There are objective facts beyond feelings - African-Americans account for 12% of the American population but only 6% of the college population, and they are more likely to drop out. They are particularly under-represented in STEM subjects. There are white racists on university campuses. Many universities and their founders do have racist histories, and why not change a name or take down a statue? And university administrations can be clumsy and insensitive in their response to racist incidents.

In terms of feelings, do African-American students have worse mental health than other groups, particularly at Predominantly White Institutions? An organisation called Healthy Minds Network does an annual survey of 34,000 American students' wellbeing, on 23 campuses. It found that African-Americans are twice as likely as Whites to feel they were treated unfairly because of their race. However, their sense of belonging on campus was roughly the same as other ethnic groups; the percentage of African Americans reporting depression, anxiety or suicidal ideation was roughly the same as other ethnic groups; and they were roughly as likely to seek counselling (Asians are the least likely ethnic group to seek counselling, because of a sense of stigma). 

Another survey by Gallup found that black graduates who went to Historically Black Universities and Colleges (HBCU) - which are usually predominantly African-American - had higher personal, social and financial wellbeing than black graduates who went to Predominantly White Institutions. The survey found that more than one in three black HBCU graduates (35%) strongly agree that they had a professor who cared about them as a person, a professor who made them excited about learning and a mentor who encouraged them to pursue their goals and dreams; only 12% of black non-HBCU graduates strongly agree they had all three experiences. This connects to another recent finding - that black students who had at least one black teacher at school were significantly more likely to finish school and consider college. So ethnicity does matter when it comes to finding teachers you relate to and who you feel encouraged by. 

Being a minority and feeling like an outsider can be emotionally hard. It can lead to weariness and withdrawal. I imagine it's somewhat alienating to be a right-wing college student - while people who identify as liberals account for one fifth of Americans, they account for half of American academics. One third of first-year students identify as 'liberal' or 'far left' - the highest figure since 1973. Republicans on campus report being physically attacked.

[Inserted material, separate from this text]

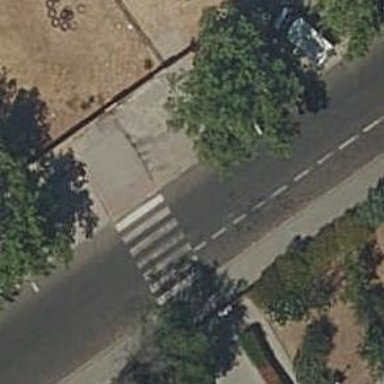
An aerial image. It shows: Marked crossing on the road.

Our social networks don't help - the internet was meant to bring people together, but it's fragmented into Black Twitter and White Twitter, liberal blogs and right-wing blogs, which affirm rather than challenge our biases. We don't talk to each other - the 2013 American Values Survey found that white people's social circles are 93% white, while black Americans have social circles that are 65% black. Perhaps because of these bubbles, American views of BLM are sharply divided - only 35% of white Americans see the movement positively, compared to 83% of black Americans (only 22% of Americans approved of the diner sit-ins in 1961, by the by).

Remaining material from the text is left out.